Cover Your Beak When You Cough…

… or buy Baxter Healthcare stock. It’s your choice.

The past week European new outlets have been highlighting the story of the H5N1 outbreak on a turkey farm in Suffolk. From the AP story as relayed by the San Francisco Chronicle,

Officials confirmed Saturday that the H5N1 strain of bird flu had been found in turkeys on a commercial farm — Britain’s first mass outbreak of the disease that has ravaged Asia’s poultry stocks and killed more than 160 people worldwide.

The virus strain that killed about 2,500 turkeys on the British poultry farm was identified as the highly pathogenic Asian strain, similar to a virus found in Hungary in January, the Department for Environment, Food and Rural Affairs said.

It was the first time the deadly H5N1 strain was found on a British farm.

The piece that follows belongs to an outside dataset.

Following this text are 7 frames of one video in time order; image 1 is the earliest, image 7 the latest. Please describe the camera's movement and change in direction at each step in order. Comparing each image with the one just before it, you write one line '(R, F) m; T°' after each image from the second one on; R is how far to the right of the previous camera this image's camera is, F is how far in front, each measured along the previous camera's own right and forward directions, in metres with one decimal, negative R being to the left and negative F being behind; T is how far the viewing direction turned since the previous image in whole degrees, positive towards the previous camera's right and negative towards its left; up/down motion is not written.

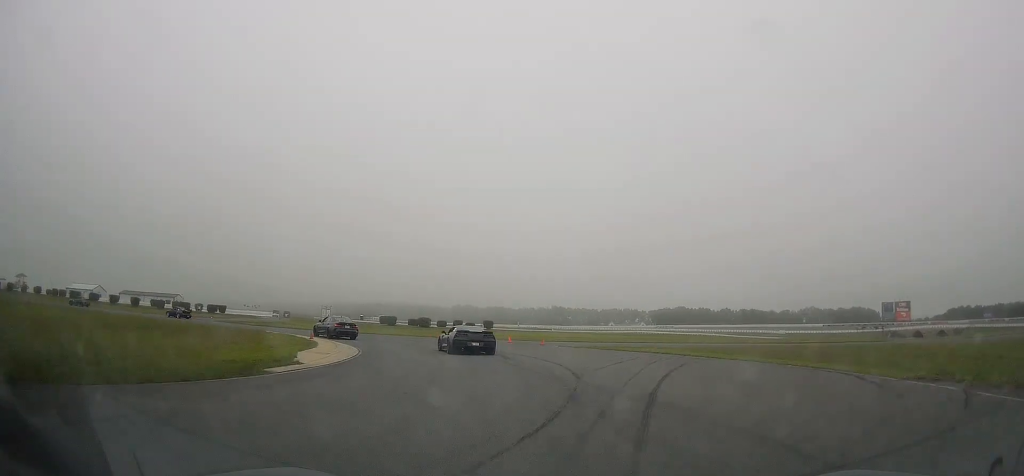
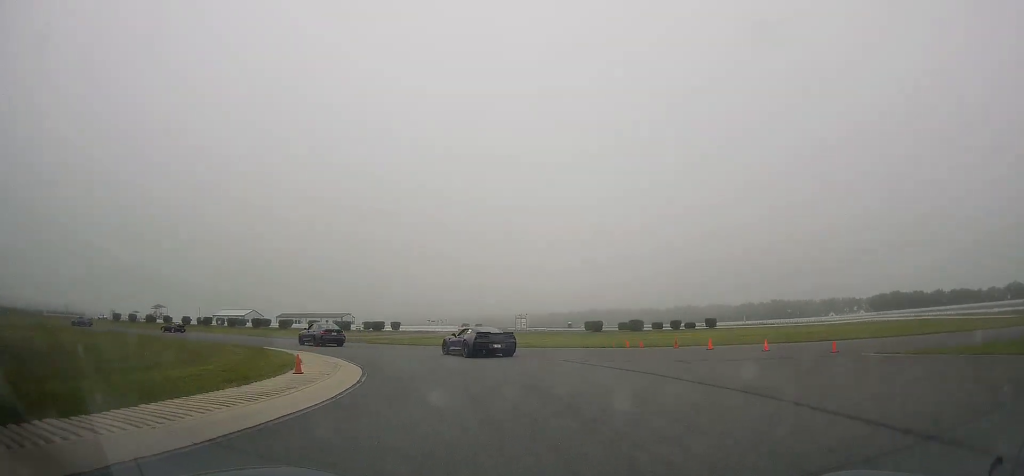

This untimely demise of 2,500 turkey led to the even untimely-er demise of the other159,000 turkeys at the protein factory farm ranch. Turkeys which had been slated for the dinner table are now considered a major bio-hazard problem.

Of course officially there was no major health threat to the British population because the risk of bird flu spreading isn’t something to panic about. It’s not like having blinking Moonites plastered about a major city and more importantly plastered about major cable news organisations. That’s when you have to really start panicking. Right?

Not so fast, you might reconsider that.

You see, one of the major areas hit by the H5N1 virus is Indonesia. Up until the beginning of this year, they had shared samples of infected tissues with researchers across the globe. That was until an American company saw cash in them thar samples. From the International Herald Tribune,

Indonesia Wednesday signed a memorandum of understanding with U.S. drug manufacturer Baxter Healthcare Corp. to develop a human bird flu vaccine.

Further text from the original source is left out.